Since both $X_t$ and $Y_t$ satisfy the same contraction identity,
\begin{align*}
\iota_{X_t}\omega=dH_t=\iota_{Y_t}\omega,
\end{align*}
we have
\begin{align*}
\iota_{X_t-Y_t}\omega=0.
\end{align*}
Pointwise nondegeneracy of $\omega$ implies $X_t-Y_t=0$, hence
\begin{align*}
X_t=Y_t=X_{H_t}.
\end{align*}
[guided]
We now prove the reverse implication with the uniqueness mechanism made explicit.

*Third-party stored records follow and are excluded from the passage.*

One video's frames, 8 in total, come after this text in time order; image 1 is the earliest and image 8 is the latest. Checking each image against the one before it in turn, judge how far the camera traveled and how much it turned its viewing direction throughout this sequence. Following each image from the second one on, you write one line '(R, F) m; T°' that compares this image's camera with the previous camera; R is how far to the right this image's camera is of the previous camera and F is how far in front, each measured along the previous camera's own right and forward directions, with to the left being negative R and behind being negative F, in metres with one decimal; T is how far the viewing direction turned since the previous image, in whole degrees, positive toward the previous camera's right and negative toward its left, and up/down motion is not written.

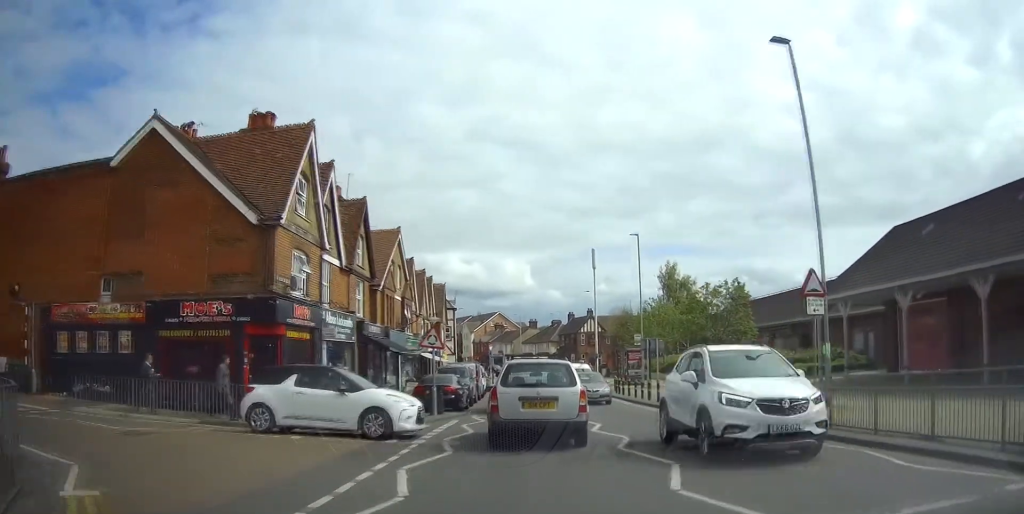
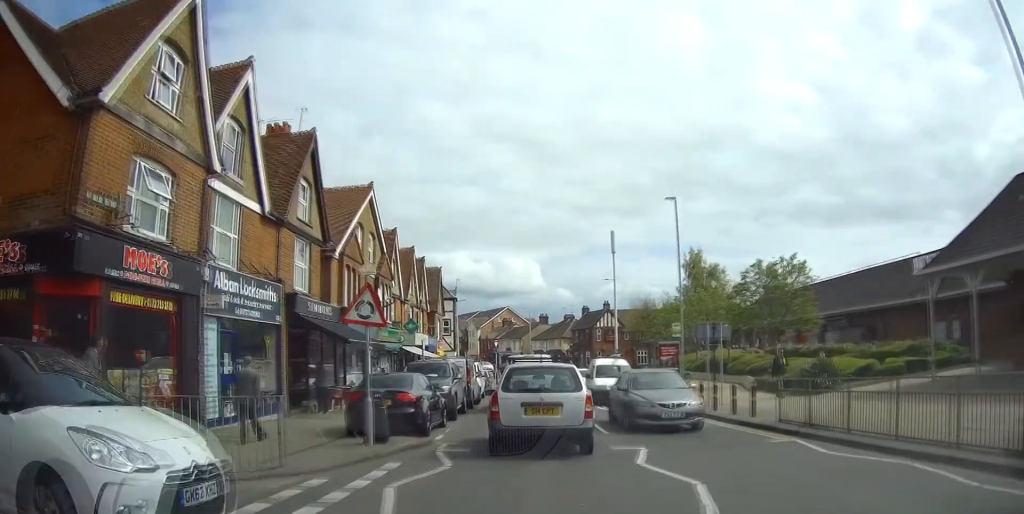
(+0.1, +9.5) m; +3°
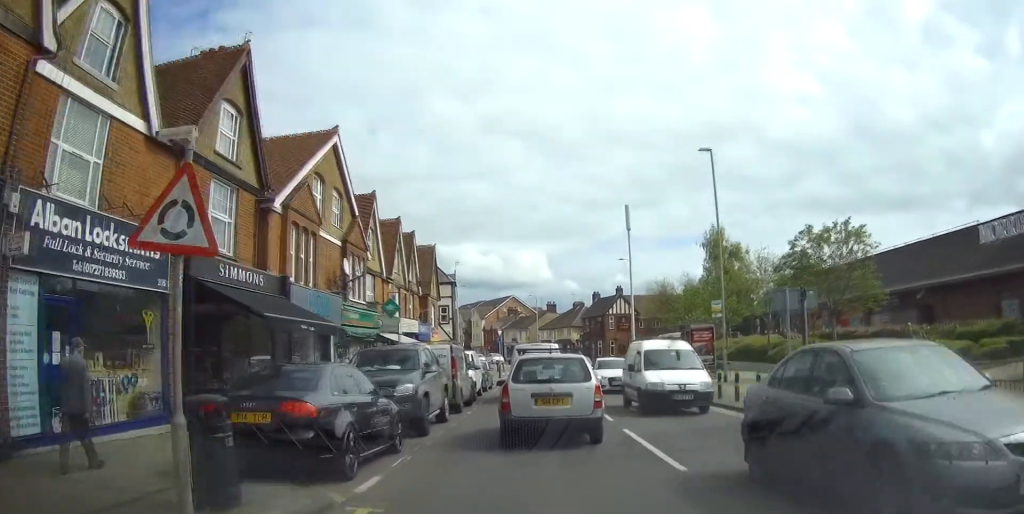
(+0.2, +6.9) m; 0°
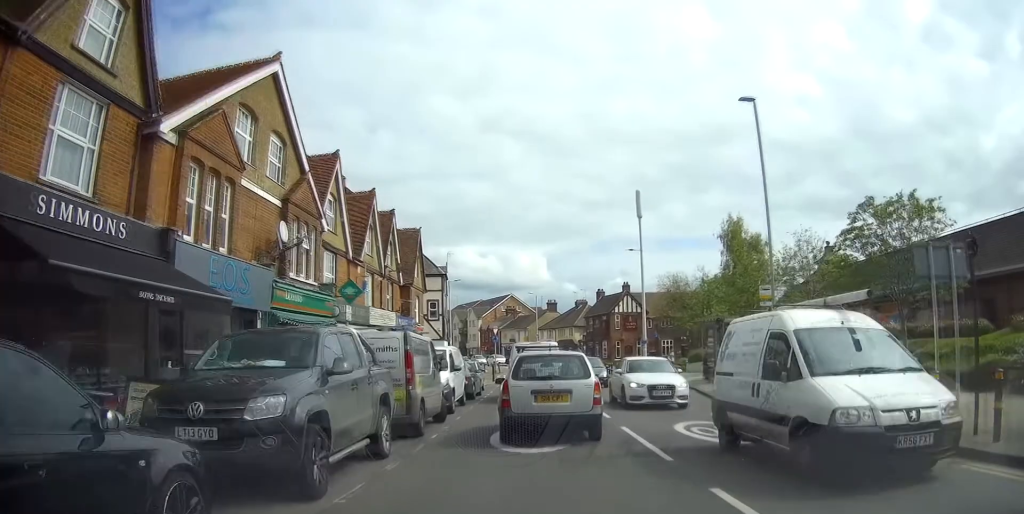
(-0.2, +6.5) m; -2°
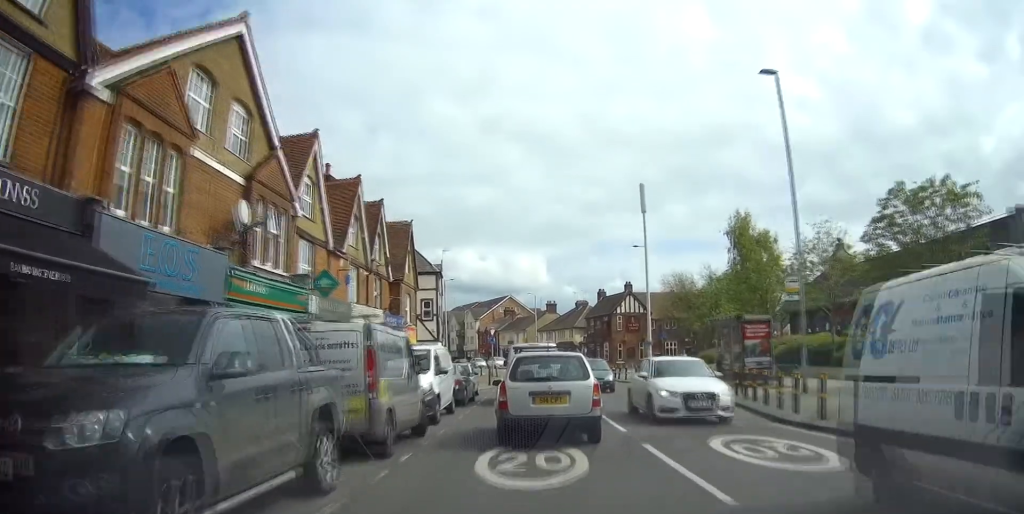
(0.0, +2.7) m; 0°
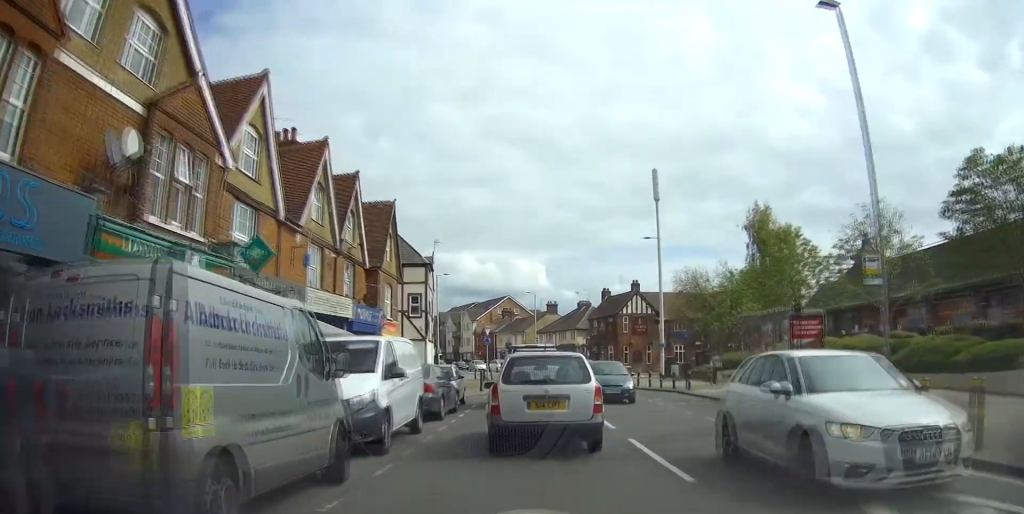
(0.0, +5.3) m; 0°
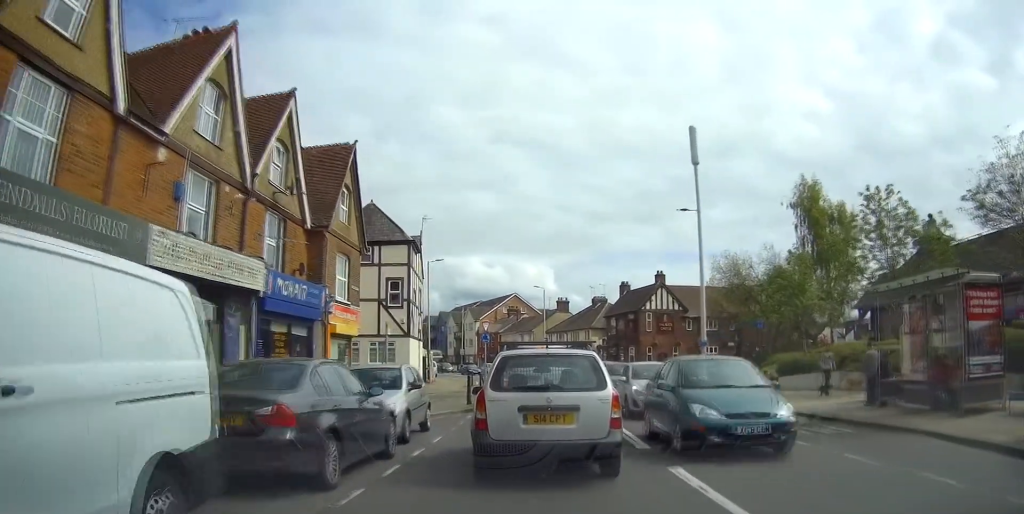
(0.0, +10.6) m; -3°
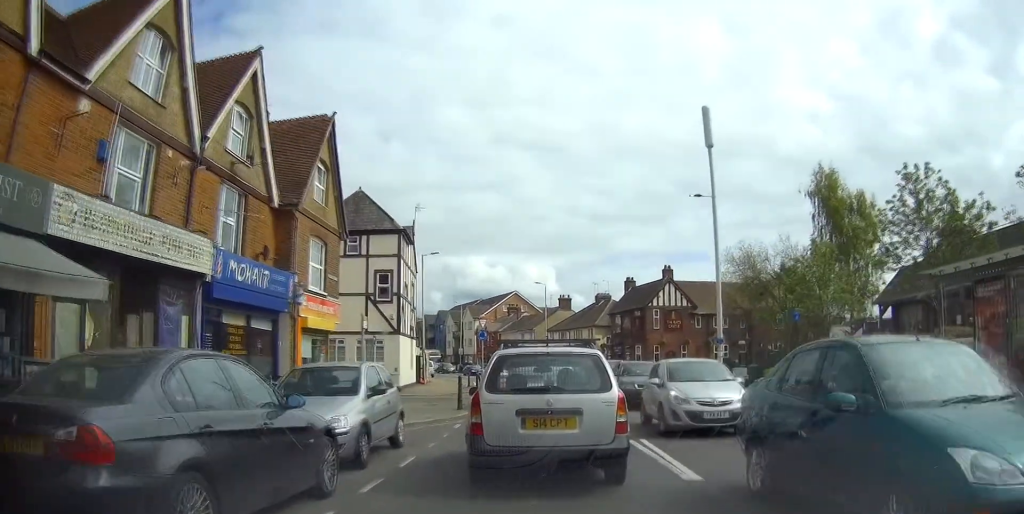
(-0.2, +3.4) m; 0°

Suppose that a smooth map $H:[0,1]\times M\to\mathbb R$ is given, and write $H_t:M\to\mathbb R$ for the smooth function $x\mapsto H(t,x)$. The hypothesis says that the generating vector field $X_t$ of the isotopy satisfies
\begin{align*}
\iota_{X_t}\omega=dH_t
\end{align*}
for every $t\in[0,1]$.
The definition of a Hamiltonian vector field under the sign convention used here is precisely this: the Hamiltonian vector field of $H_t$ is the unique vector field $Y_t\in\mathfrak X(M)$ satisfying
\begin{align*}
\iota_{Y_t}\omega=dH_t.
\end{align*}
Why is there a unique such vector field? At each point $x\in M$, nondegeneracy of the symplectic form means that the linear map
\begin{align*}
T_xM&\to T_x^*M,
\end{align*}
\begin{align*}
v&\mapsto \iota_v\omega_x
\end{align*}
has zero kernel and, since $T_xM$ and $T_x^*M$ have the same finite dimension, is an isomorphism. Therefore a one-form at $x$ determines a unique tangent vector at $x$.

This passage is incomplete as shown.